The data thus developed will serve us to perform a number of spatial analyses of Katowice cultural life. We will investigate, among other things, the scope of activities of particular institutions as well as the distance travelled by participants to get to their chosen events. We will be interested in both geographic relations at the national level as well as more detailed issues regarding Katowice districts.
In order to perform the operations described above, we have used various public data sets .
The first of these was the Official Directory of Postal Address Numbers, which is available from on the Polish Post website as a PDF file. We needed a editable database, so we developed the document as a CSV file, saving data on post codes and names of communes/municipalities and voivodships, thus enabling their clear identification.

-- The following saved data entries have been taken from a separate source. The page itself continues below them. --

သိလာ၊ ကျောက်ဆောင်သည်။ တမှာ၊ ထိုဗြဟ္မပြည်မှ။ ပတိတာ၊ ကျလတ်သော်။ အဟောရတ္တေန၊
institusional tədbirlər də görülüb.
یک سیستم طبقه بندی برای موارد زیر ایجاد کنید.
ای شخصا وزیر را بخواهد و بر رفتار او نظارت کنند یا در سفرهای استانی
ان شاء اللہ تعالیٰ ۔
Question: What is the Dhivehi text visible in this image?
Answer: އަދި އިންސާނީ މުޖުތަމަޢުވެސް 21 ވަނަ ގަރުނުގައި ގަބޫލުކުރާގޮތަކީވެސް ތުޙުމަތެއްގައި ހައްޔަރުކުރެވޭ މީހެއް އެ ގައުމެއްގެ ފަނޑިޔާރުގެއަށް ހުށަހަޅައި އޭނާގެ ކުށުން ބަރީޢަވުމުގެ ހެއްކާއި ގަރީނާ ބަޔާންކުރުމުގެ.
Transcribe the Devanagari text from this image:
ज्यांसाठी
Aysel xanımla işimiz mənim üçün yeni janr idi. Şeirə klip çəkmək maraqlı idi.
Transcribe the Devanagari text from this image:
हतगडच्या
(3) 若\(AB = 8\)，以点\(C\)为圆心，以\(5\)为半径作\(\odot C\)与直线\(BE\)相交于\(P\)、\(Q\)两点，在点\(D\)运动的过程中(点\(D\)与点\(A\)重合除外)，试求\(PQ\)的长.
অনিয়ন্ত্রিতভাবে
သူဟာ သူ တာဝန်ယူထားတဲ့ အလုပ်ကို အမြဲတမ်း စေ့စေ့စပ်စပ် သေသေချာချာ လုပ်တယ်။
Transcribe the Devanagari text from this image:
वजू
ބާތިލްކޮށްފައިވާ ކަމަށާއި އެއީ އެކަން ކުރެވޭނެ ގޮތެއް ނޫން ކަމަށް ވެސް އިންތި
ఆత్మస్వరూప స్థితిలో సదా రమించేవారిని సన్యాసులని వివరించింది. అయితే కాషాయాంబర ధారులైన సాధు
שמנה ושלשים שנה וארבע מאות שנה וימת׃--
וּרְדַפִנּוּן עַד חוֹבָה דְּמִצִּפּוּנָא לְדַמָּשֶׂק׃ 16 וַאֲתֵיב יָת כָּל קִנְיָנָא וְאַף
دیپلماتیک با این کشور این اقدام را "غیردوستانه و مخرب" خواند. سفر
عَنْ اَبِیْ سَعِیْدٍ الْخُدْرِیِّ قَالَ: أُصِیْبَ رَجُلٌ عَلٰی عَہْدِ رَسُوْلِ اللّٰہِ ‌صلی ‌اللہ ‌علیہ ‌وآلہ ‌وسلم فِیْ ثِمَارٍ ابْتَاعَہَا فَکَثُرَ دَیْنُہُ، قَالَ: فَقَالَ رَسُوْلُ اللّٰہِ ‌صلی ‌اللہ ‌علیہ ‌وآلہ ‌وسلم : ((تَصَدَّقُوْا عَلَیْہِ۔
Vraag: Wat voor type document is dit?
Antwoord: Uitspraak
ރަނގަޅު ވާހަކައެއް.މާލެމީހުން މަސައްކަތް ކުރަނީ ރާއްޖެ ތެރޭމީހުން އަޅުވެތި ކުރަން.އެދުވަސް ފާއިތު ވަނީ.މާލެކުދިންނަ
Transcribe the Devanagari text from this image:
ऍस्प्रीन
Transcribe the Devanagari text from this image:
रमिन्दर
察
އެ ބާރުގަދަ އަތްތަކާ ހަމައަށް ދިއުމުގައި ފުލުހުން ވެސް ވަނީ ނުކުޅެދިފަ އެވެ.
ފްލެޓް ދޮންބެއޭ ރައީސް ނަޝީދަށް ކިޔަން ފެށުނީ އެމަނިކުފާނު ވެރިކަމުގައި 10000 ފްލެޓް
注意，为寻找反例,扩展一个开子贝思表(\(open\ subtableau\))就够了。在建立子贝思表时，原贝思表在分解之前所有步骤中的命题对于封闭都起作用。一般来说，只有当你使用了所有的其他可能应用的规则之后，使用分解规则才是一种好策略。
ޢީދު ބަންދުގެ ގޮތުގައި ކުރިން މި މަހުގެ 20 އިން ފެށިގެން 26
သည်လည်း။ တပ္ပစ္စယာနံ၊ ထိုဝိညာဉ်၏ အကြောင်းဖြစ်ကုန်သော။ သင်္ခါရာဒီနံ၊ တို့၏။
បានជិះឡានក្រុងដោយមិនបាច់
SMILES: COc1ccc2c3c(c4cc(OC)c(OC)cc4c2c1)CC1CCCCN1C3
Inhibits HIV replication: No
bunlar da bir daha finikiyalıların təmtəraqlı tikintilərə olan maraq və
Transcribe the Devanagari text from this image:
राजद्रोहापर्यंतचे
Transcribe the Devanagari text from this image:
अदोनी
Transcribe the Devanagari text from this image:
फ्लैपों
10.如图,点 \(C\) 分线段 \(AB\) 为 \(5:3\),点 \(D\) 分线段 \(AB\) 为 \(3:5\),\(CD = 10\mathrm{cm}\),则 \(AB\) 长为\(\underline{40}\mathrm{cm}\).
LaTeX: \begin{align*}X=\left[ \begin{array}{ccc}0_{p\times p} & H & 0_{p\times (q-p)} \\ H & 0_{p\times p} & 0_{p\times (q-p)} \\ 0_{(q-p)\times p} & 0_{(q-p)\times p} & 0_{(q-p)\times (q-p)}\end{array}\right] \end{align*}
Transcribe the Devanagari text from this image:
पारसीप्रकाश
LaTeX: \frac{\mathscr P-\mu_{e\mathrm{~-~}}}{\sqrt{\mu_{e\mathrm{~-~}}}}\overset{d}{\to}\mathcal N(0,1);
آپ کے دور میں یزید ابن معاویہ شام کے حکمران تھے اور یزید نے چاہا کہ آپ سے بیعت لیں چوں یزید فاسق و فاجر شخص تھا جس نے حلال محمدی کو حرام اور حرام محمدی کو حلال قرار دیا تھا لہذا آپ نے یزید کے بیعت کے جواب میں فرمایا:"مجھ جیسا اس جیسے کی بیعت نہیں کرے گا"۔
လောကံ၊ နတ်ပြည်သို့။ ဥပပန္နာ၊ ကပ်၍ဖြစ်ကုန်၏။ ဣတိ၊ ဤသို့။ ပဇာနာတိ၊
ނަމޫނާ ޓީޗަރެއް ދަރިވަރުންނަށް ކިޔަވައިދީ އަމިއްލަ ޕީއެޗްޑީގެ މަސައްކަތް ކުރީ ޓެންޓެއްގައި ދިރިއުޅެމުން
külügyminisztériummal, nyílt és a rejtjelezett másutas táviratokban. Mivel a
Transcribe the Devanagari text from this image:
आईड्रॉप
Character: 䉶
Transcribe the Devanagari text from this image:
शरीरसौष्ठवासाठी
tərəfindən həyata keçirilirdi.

Another database contained polygons representing the footprints of particular communes/municipalities. We obtained the data from the National Register of Boundaries [Polish: Państwowy Rejestr Granic, PRG], made available by the Central Office for Surveying and Cartographic Documentation. We used the QGIS application to prepare a set of centroids for all selected areas in the WGS84 layout, which we additionally combined with the post code database for the whole country. All post code points corresponding a given city were assigned the same location, which is sufficient considering the scale of our geographic analysis.
The National Register of Boundaries was also the basis for two further sets. Data on address points was used directly for geocoding detailed survey information, as well as indirectly, as the foundation to prepare the database of post code areas within Katowice. The second database was developed by creating a Voronoi diagram for these points (i.e. dividing the city into smaller areas closest to each point) and merging the areas with the same code. Finally, we created a data set containing their centroids.